YOUR ASSIGNMENT — Every line of the material needs an exact copy, apart from the images.
*** Begin section ***
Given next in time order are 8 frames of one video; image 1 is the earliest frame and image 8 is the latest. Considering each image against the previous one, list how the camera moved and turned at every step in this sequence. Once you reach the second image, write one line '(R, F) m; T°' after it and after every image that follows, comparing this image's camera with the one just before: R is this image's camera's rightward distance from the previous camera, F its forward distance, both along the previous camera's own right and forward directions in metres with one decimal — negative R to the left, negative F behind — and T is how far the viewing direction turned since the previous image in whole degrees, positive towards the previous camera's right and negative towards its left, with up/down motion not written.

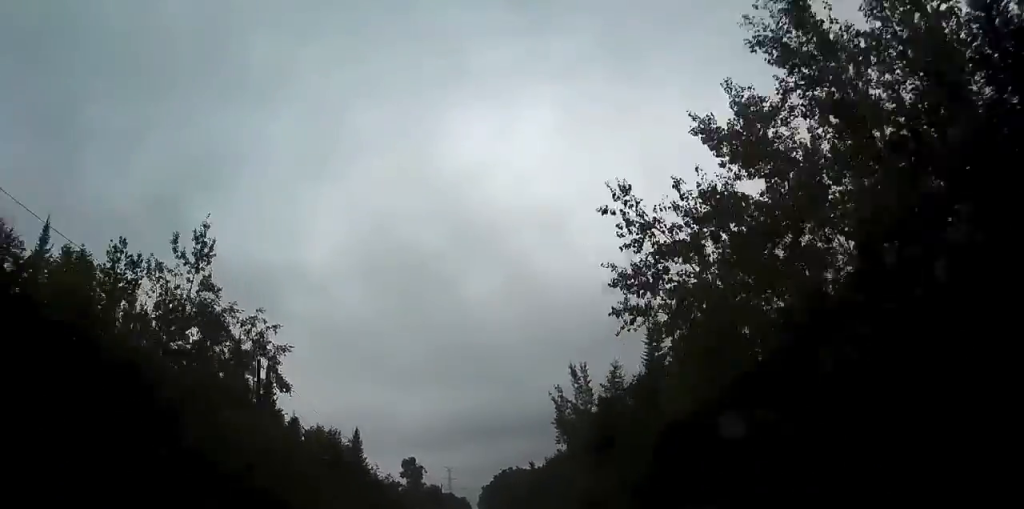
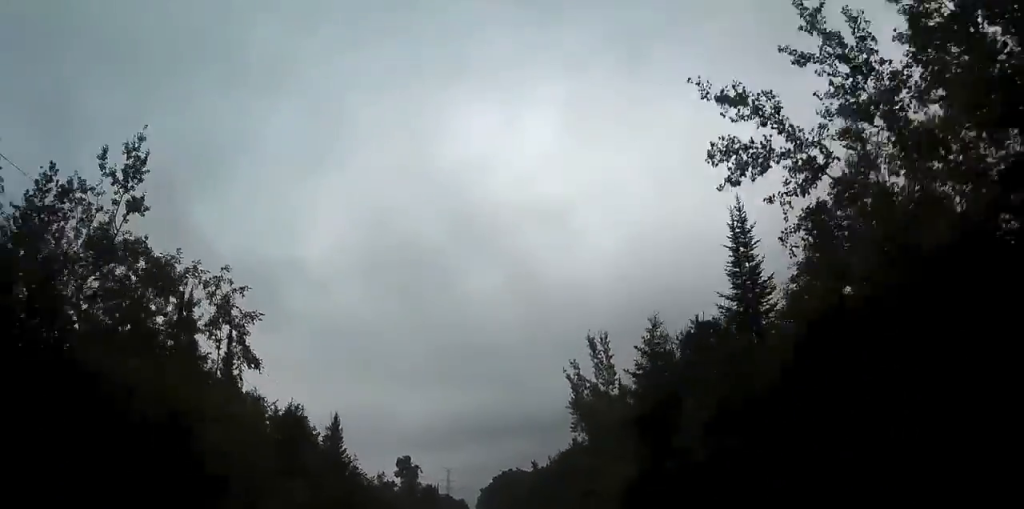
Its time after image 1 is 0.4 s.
(0.0, +9.7) m; 0°
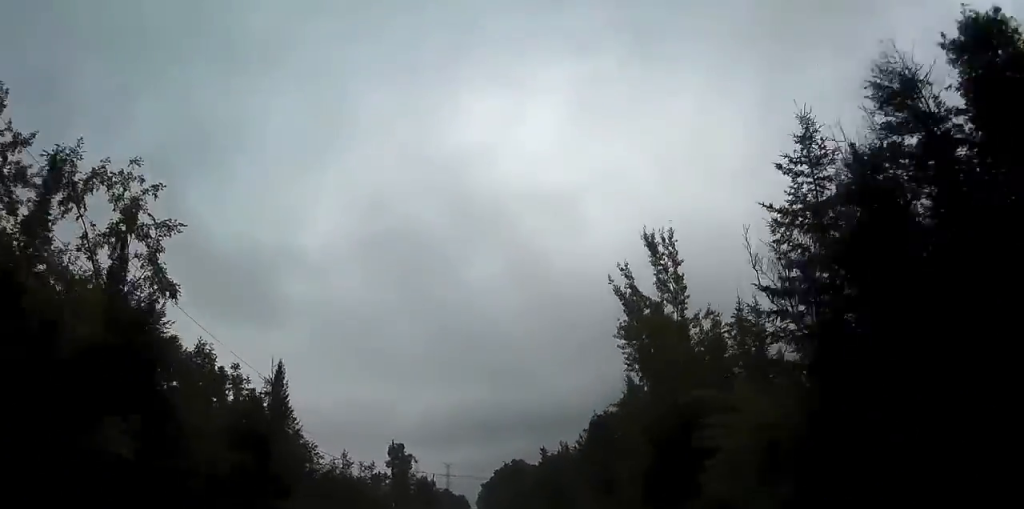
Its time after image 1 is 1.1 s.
(0.0, +17.0) m; 0°
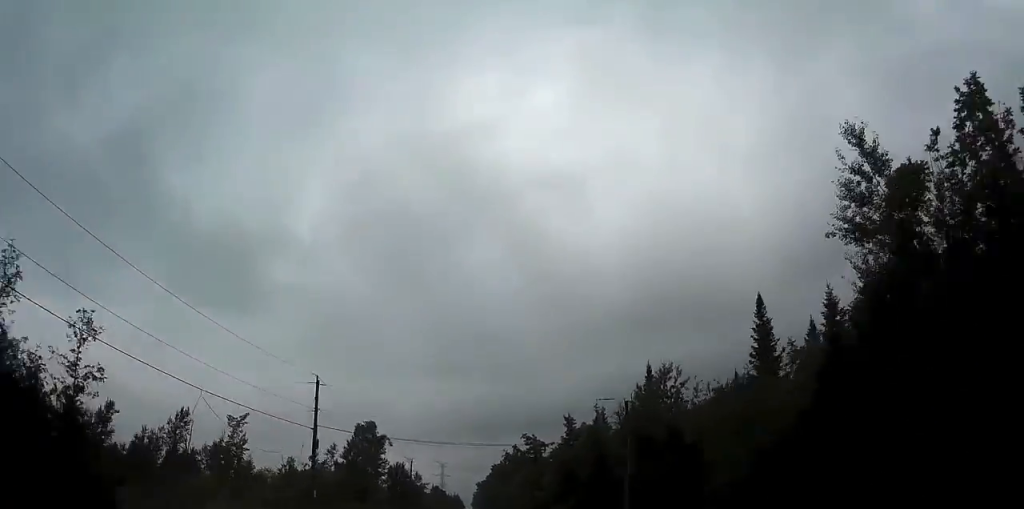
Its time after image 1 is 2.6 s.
(-0.1, +37.4) m; 0°
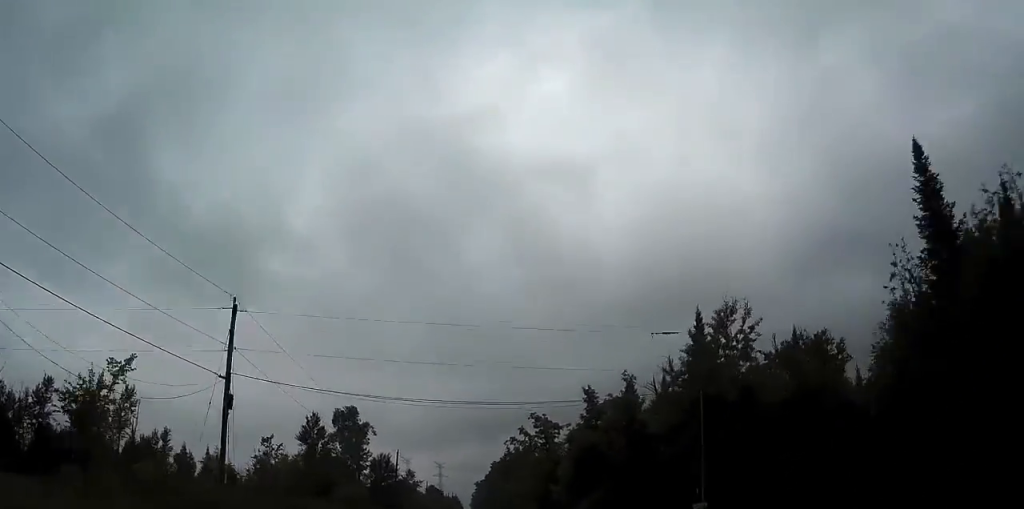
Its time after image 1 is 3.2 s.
(-0.1, +16.0) m; 0°
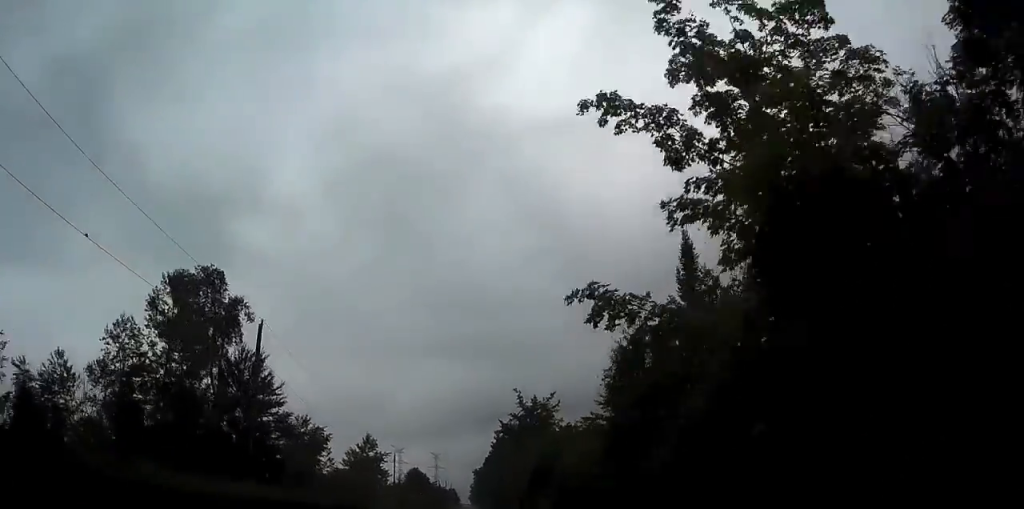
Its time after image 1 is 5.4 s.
(+0.5, +54.8) m; 0°
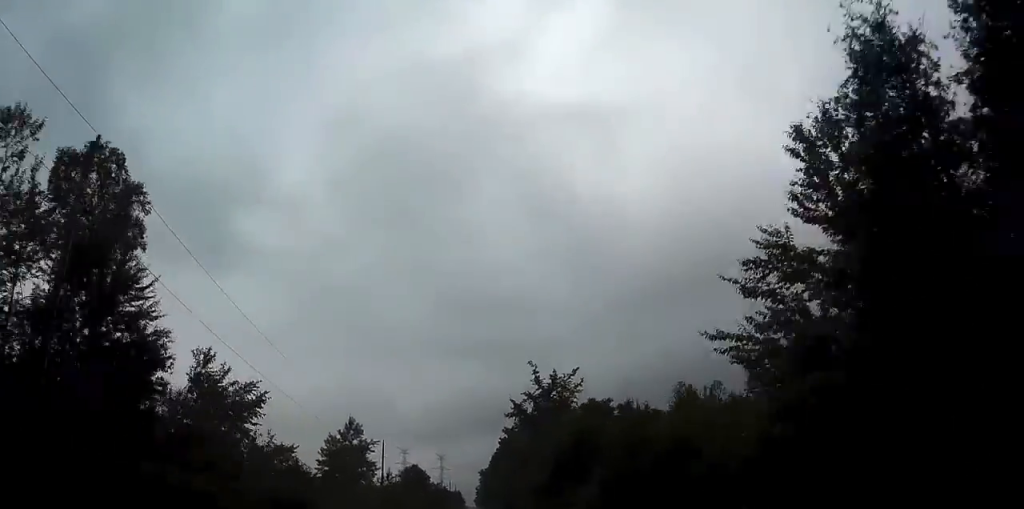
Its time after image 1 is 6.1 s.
(-0.1, +18.1) m; 0°
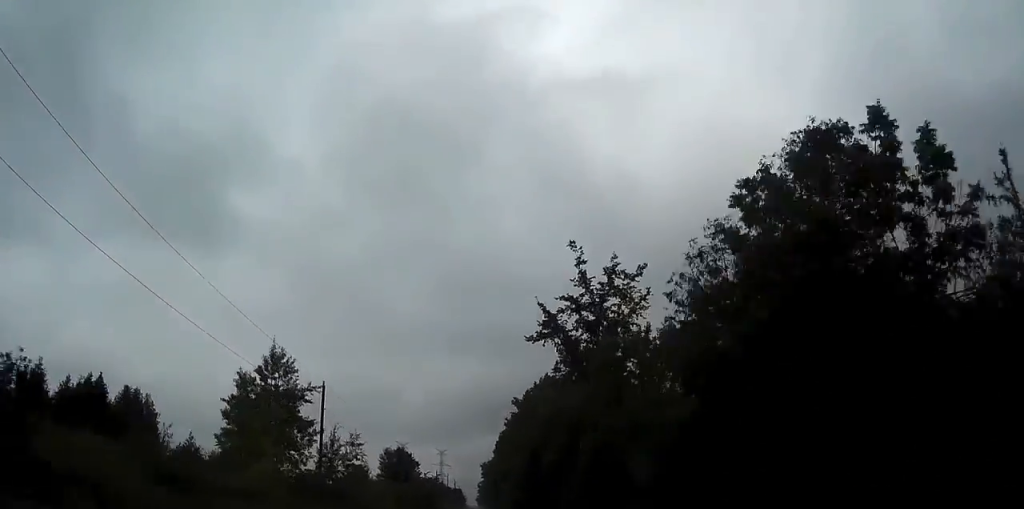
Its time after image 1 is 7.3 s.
(-0.1, +33.0) m; 0°
*** End section ***
EXERCISE RESPONSE —
Given next in time order are 8 frames of one video; image 1 is the earliest frame and image 8 is the latest. Considering each image against the previous one, list how the camera moved and turned at every step in this sequence. Once you reach the second image, write one line '(R, F) m; T°' after it and after every image that follows, comparing this image's camera with the one just before: R is this image's camera's rightward distance from the previous camera, F its forward distance, both along the previous camera's own right and forward directions in metres with one decimal — negative R to the left, negative F behind — and T is how far the viewing direction turned since the previous image in whole degrees, positive towards the previous camera's right and negative towards its left, with up/down motion not written.

Its time after image 1 is 0.4 s.
(0.0, +9.7) m; 0°
Its time after image 1 is 1.1 s.
(0.0, +17.0) m; 0°
Its time after image 1 is 2.6 s.
(-0.1, +37.4) m; 0°
Its time after image 1 is 3.2 s.
(-0.1, +16.0) m; 0°
Its time after image 1 is 5.4 s.
(+0.5, +54.8) m; 0°
Its time after image 1 is 6.1 s.
(-0.1, +18.1) m; 0°
Its time after image 1 is 7.3 s.
(-0.1, +33.0) m; 0°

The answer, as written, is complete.